Религиозному человеку следует раз навсегда привыкнуть к своеобразию религиозного опыта
, его восприятий и постижений: здесь нет материальных вещей и осязаний; здесь нет логической завершенности, приобретенной ценой содержательной скудости; здесь нет ни меры, ни числа, ни доктрины. Религиозный опыт более, чем всякий иной, дает человеческому восприятию повсюду как бы начало бесконечной цепи; перспективу уводящего вдаль пути; волну неисчерпывающегося и все нарастающего света; как бы погружение в поток, который качественно уже божествен (дары Благодати!), и тем не менее несет человека в направлении все большего совершенства. Если гениальные ученые осязают неисчерпаемость богозданного, тварного предмета уже в естествознании и в истории, то в религиозном опыте с этого все начинается. Здесь нельзя говорить «понял» – «не понял», «познал» – «не познал», «увидел», «испытал», «постиг»; ибо здесь всякое «понял» означает «понял свое непонимание», всякое «познал» выражает в то же время «далеко – не – познал»; так, что и «виденное» – еще не увидено, и испытанное – только еще задано к испытанию, и постигнутое – требует нового постижения. И эту особенность религиозного опыта, – его глубинную бесконечность, его качественный вечно-подъем, его, так сказать, «зияющее» предметное богатство – необходимо принять, примириться с ним и приучить себя к нему.
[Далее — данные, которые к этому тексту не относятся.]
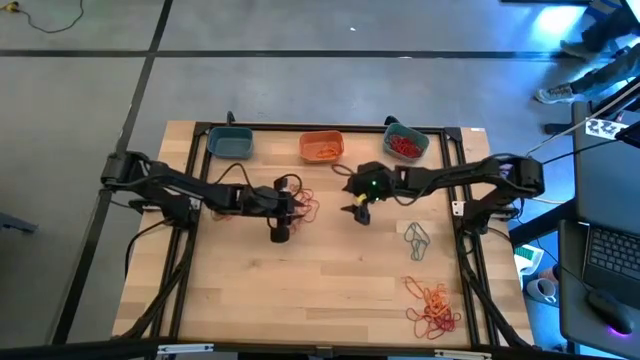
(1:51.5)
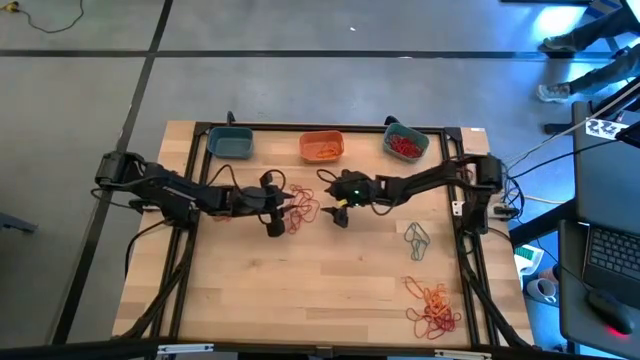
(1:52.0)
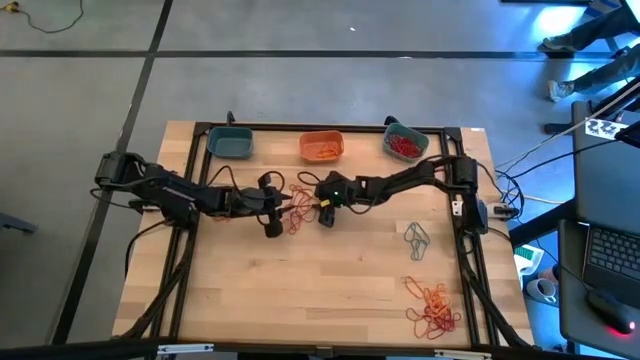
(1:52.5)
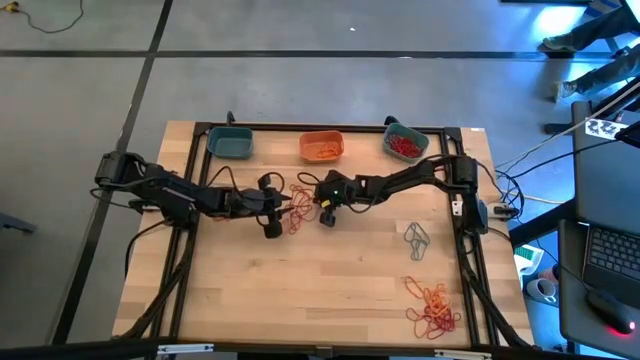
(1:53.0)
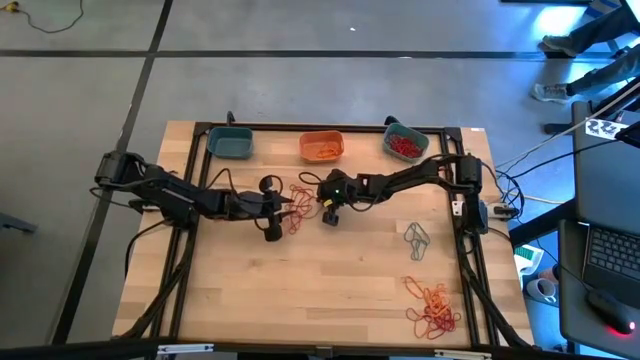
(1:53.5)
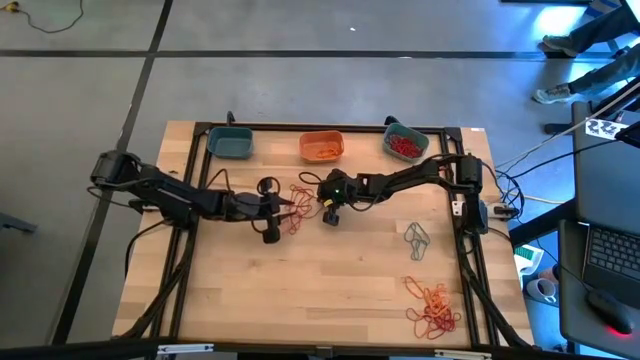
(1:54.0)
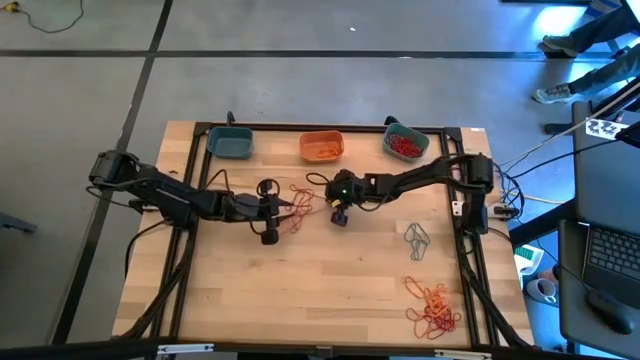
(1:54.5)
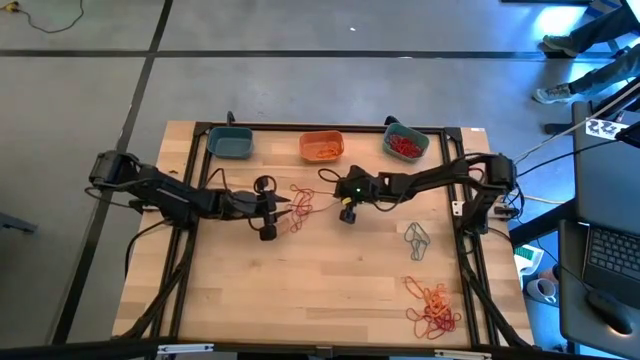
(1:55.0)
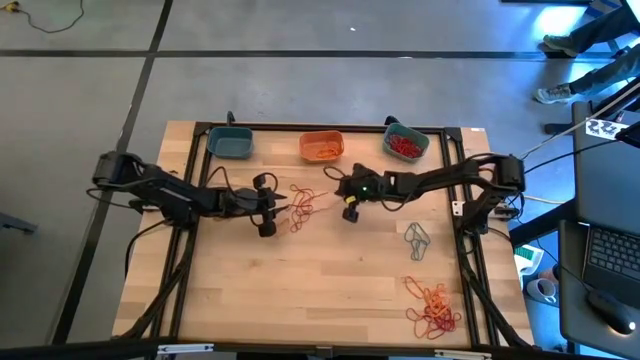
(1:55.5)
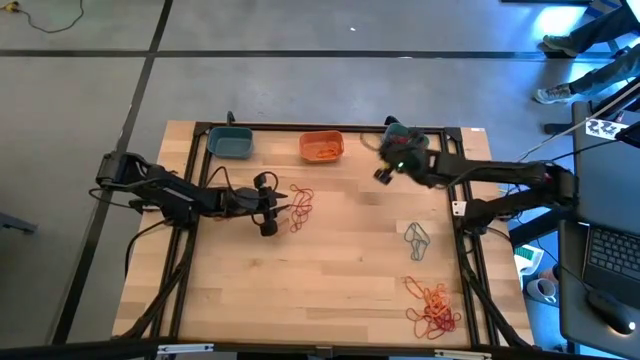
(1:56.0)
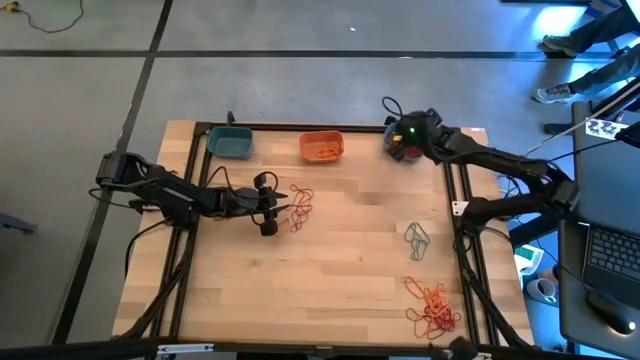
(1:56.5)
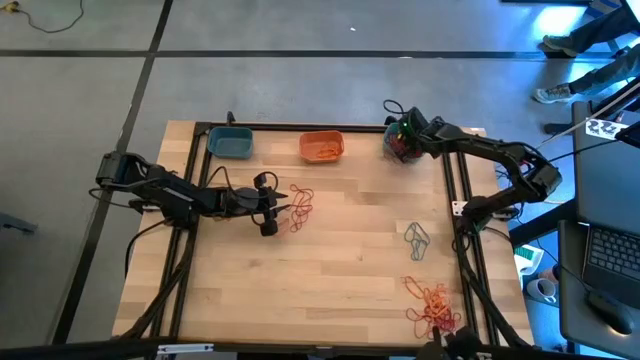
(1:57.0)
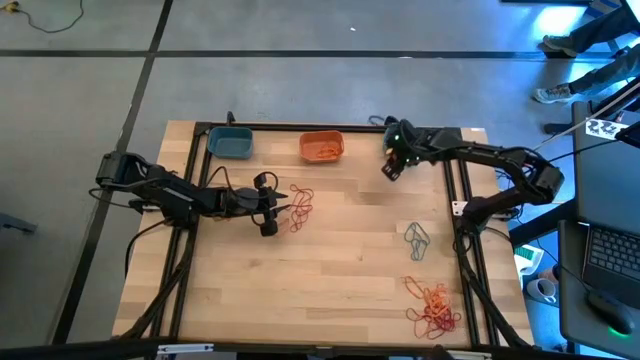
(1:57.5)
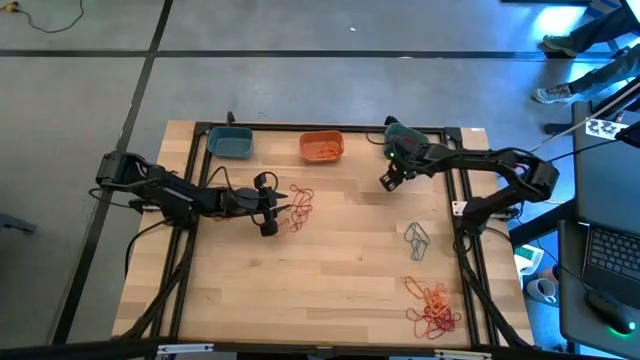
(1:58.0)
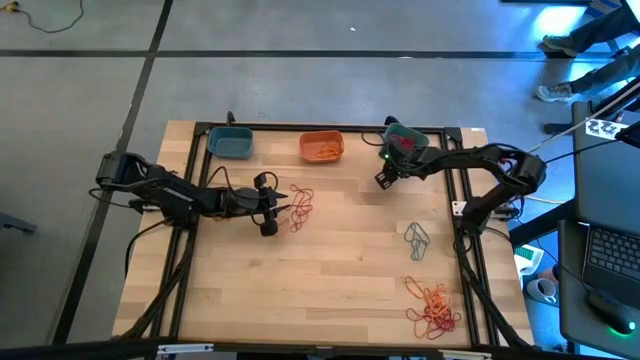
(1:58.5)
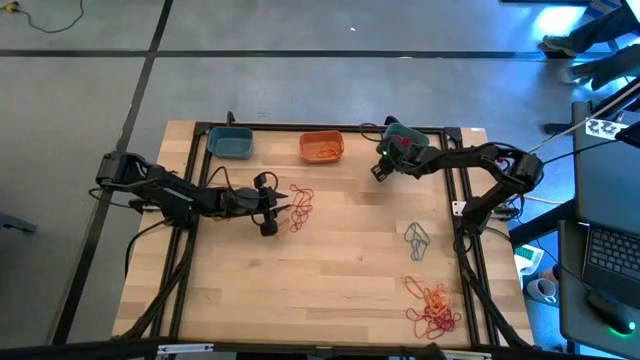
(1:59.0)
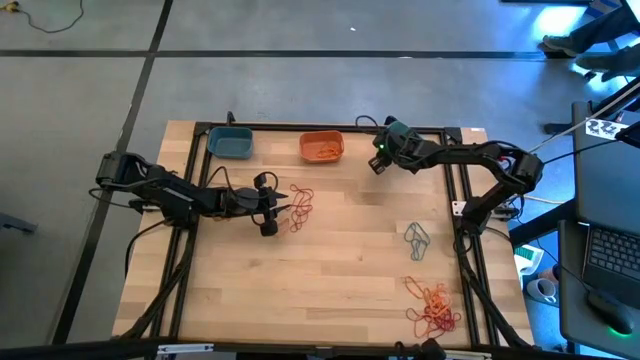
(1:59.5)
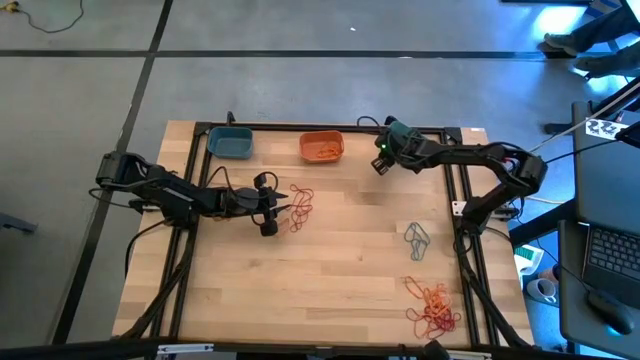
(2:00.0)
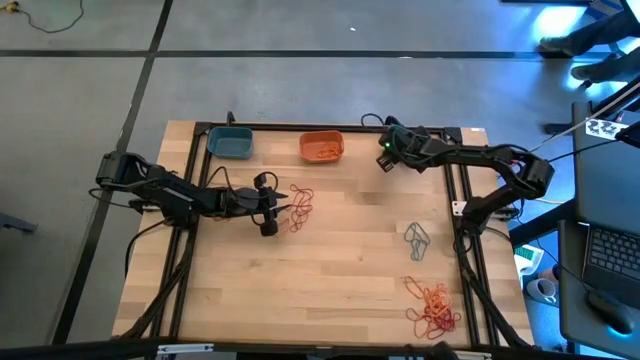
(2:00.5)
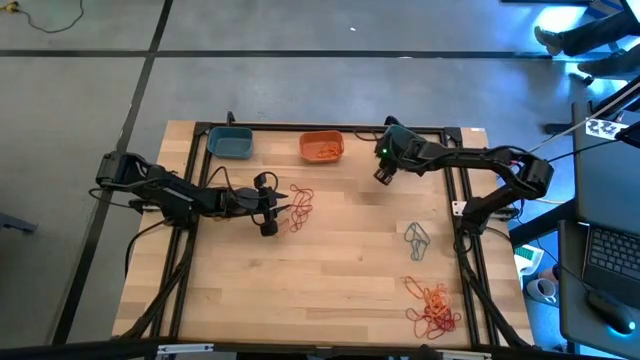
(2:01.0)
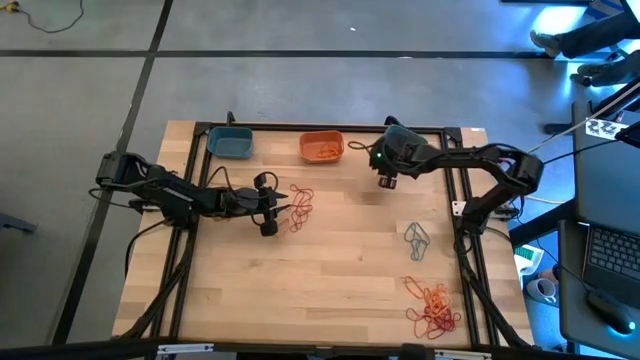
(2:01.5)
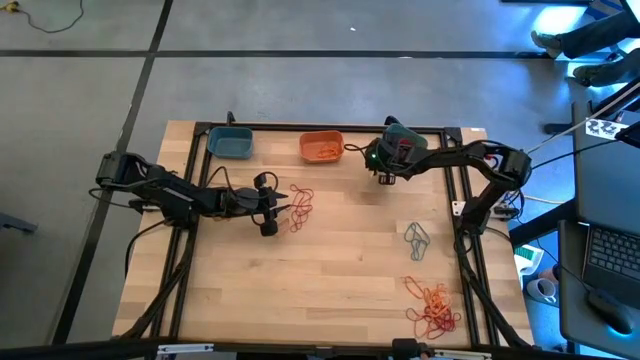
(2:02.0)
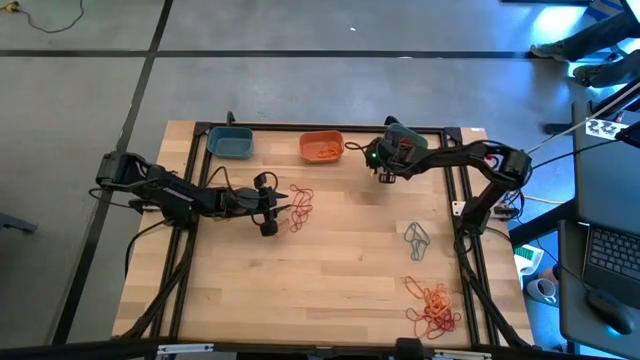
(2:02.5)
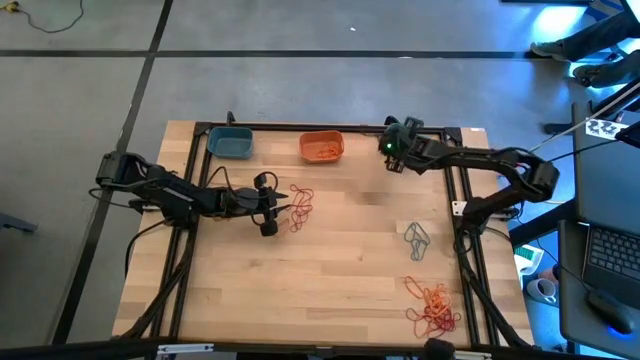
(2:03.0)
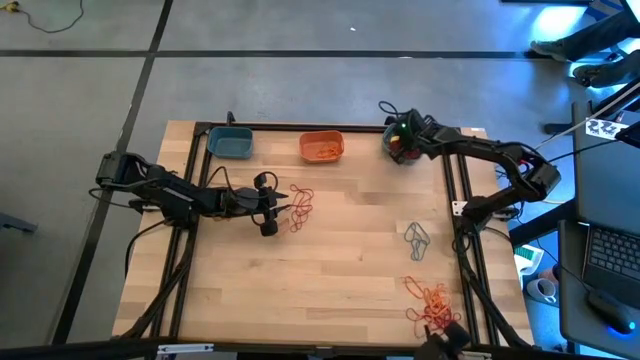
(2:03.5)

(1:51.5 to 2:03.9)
Put the red rubber band into the green bin

Это можно было бы выразить так, что никакое приближение человека к Богу не может погасить и никогда не погасит нетождество его с Господом
. Доколь человек есть человек в своей земной индивидуации, со всеми своими здешними атрибутами и бременами, – он не достигнет этого тождества ни по бытию, ни по совершенству, ни по духовному богатству, ни по власти, ни по чему иному. Его земная индивидуация, связанные с ней пределы и обусловленные ей несовершенства – таковы, что «безмерная разность» между человеком и Богом определяет самую судьбу людей. Мало того, эта «разность» является конститутивным условием или необходимой основой религии и религиозности вообще: именно человеческая индивидуация со всеми ее проявлениями и последствиями – побуждают нас искать Бога, вздыхать, взывать, молиться и обретать. Поэтому в самую сущность религии входит ограниченность того единения с Богом, которое доступно человеку.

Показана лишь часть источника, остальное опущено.